Thursday, August 27, 2015

Bayes theorem in real life

I had a chance to practice Bayesian inference in real life today: at 1pm my wife called to tell me that the carbon monoxide (CO) alarm at the house was going off.  Immediately two hypotheses came to mind: (1) there is a dangerous amount of CO in my house, (2) it's a false alarm.

It's summer and all the windows are open in the house.  The furnace is not running and we don't have a gas stove.  And the detector is about 10 years old.  This background information makes a false alarm more plausible, so I started with a low prior for (1).  Since my wife was on her way out anyway, I suggested she disconnect the detector, turn on a fan, and leave.
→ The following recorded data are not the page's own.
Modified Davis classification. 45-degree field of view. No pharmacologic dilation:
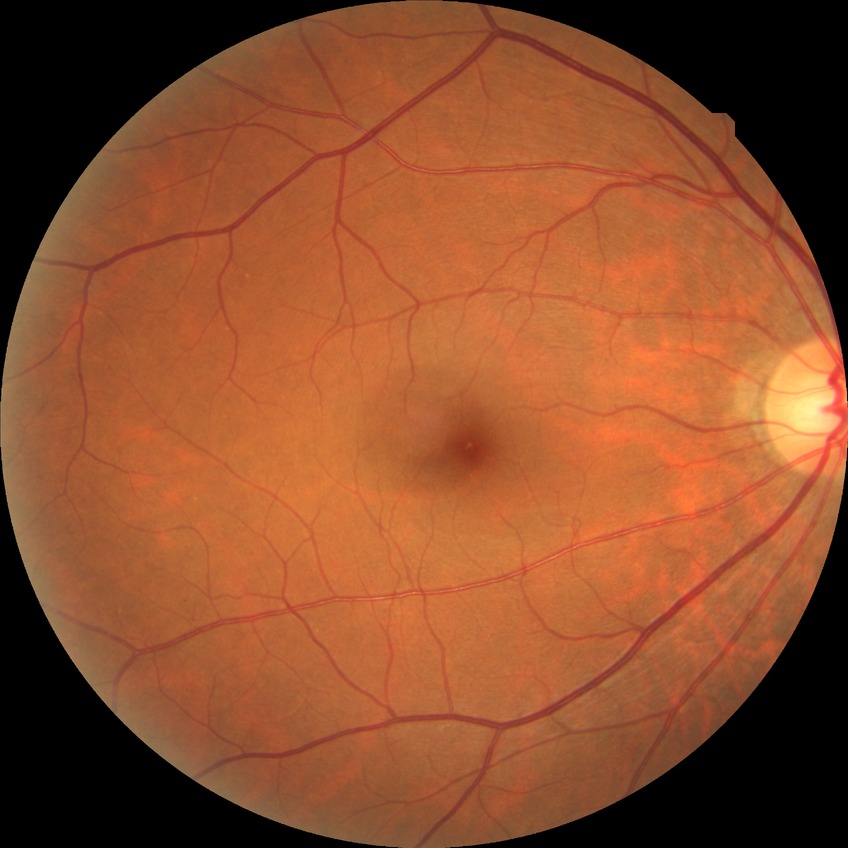
Diabetic retinopathy (DR) is no diabetic retinopathy (NDR).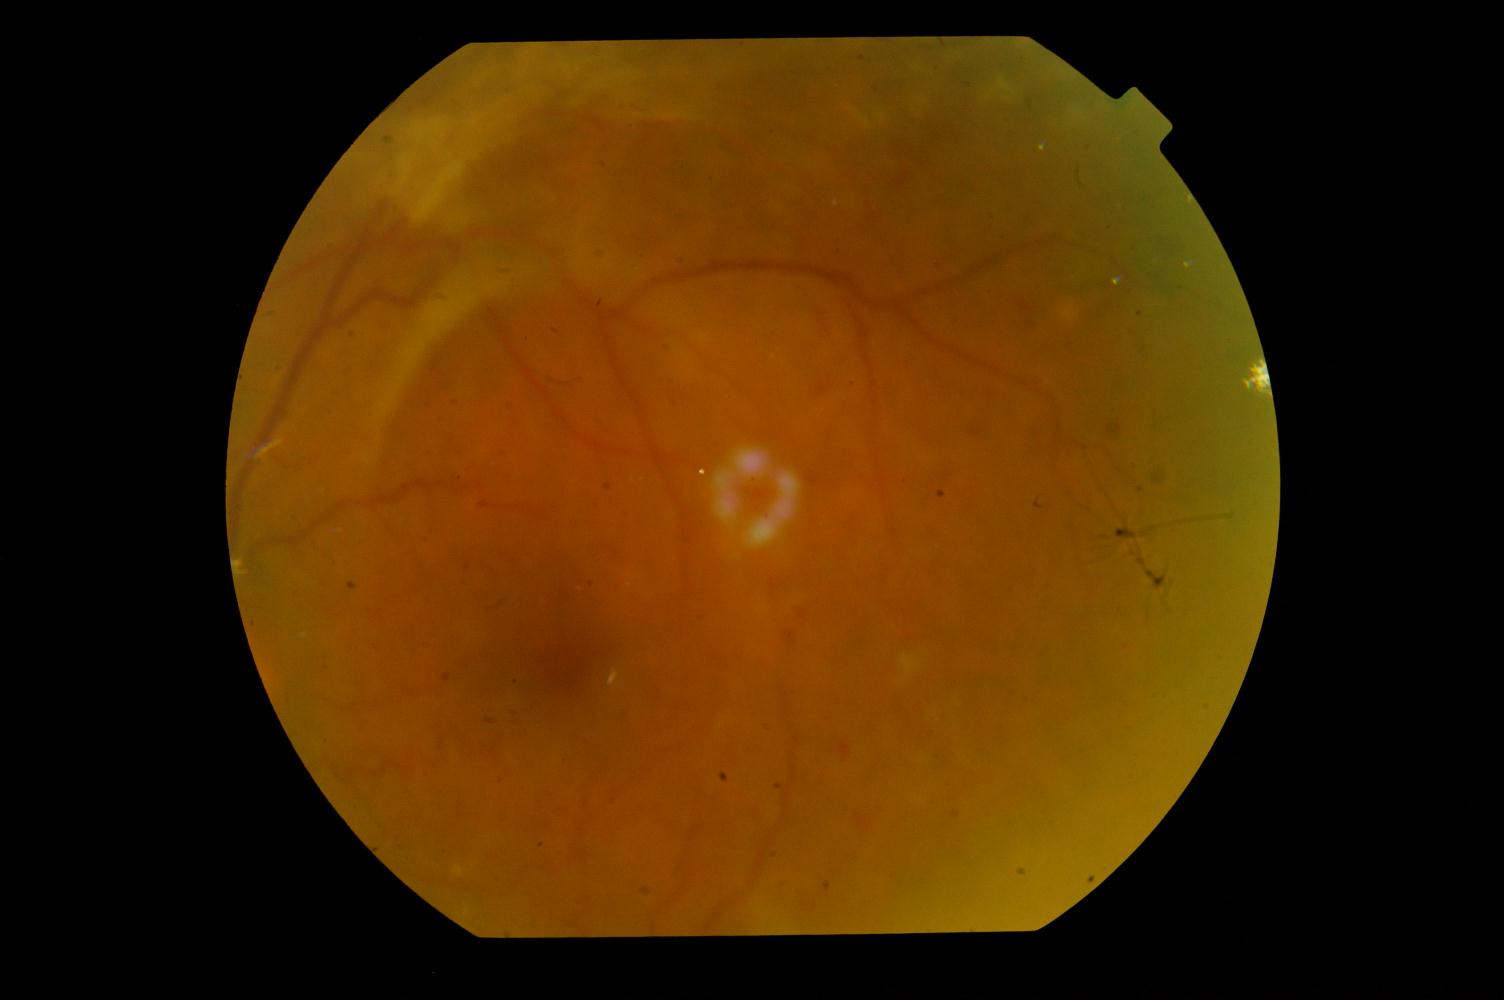
This fundus photograph shows diabetic retinopathy.
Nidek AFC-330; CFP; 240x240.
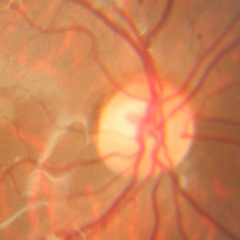

Q: What stage of glaucoma is present?
A: No glaucoma.

After we hung up, I searched for information on CO detectors and false alarms.  Apparently, the rate of false alarms is low, at least in once sense: CO detectors are very specific, that is, unlikely to go off because of anything other than CO.  Of course the other possibility is that the detector is broken.  On balance, this information made me less confident of a false alarm.

I tried to think of other possibilities:
  • A major street nearby is being paved.  Does fresh pavement off-gas anything that would set off a CO detector?
  • At a construction site down the street, they just poured a concrete foundation, and my neighbor is having some masonry done.  Does fresh concrete off-gas CO?  I vaguely remember that it sequesters oxygen, which turned out to be a problem for one of the Biosphere projects.
  • What about a smoldering fire inside a wall?  Could it produce enough CO to set off the detector, but not enough smoke to set off the smoke alarms?
The first two seemed unlikely, but the third seemed plausible.  In fact, it seemed plausible enough that I decided to go home and check it out.  When I got there, the windows were open and fans were running, so I figured the air had exchanged at least once, and the detector had a chance to reset.

I put on over-the-head 30dB earmuffs and plugged the detector back in.  It went off immediately.  I plugged it into an outlet in another room, and it went off immediately.  At this point it seemed unlikely that every room in my wide-open, highly ventilated house was full of CO.

I still couldn't rule out a smoldering fire, but it sure seemed unlikely.  Nevertheless, I called the fire department, using their non-emergency number to preserve some dignity, and told them the story.  They sent a truck, walked through the house with a gas detector, and reported no CO anywhere.

One of the fireman told me that CO detectors are good for about 7 years, so it's time for a new one.  And while I'm at it, he suggested, I should get one more for the first floor (currently I have one in the basement and one on the second floor).  And that's what I did.

So what have we learned?

1) Make sure you have a CO detector on each floor of your house.  CO poisoning is no joke.  Want proof?  Run this search query any time.  Chances are you'll find several serious accidents within the last week or so.

2)  Replace detectors after 5-7 years.  Apparently newer ones have an end-of-life alert, so you don't have to keep track.  If you have an older one, figure out the replacement day and put it on your calendar.

3) Think like a Bayesian.  As you get more information, update your probabilities, and change your decisions accordingly.  My initial estimate for the probability of false alarm was so high, I decided not to check it out.  As I thought of more possible explanations, the probability of a real problem crept higher.  It was still very low, but high enough that I decided to go home.

4) On the other hand, a strictly Bayesian framework doesn't always fit real-world thinking.  In this case, my decision flipped when I thought of a new hypothesis (a smoldering fire).  Should I consider that a new piece of information and update my prior?  Or is it a new piece of background information that caused me to go back, revise my prior, and start over?  In practice, it makes no difference.  But from a Bayesian point of view, it's not quite as neat as it might be.


  1. Some fine Bayesian reasoning. Experimental design, not so great. Since you have a second detector in the basement, why not immediately tell your wife to go and fetch it? Two independent detectors going off upstairs (but not in the basement) updates your probabilities to close to 1 and 0 immediately.

    1. Not possible in this case because the detector in the basement is wired (not plug in). But your idea is excellent.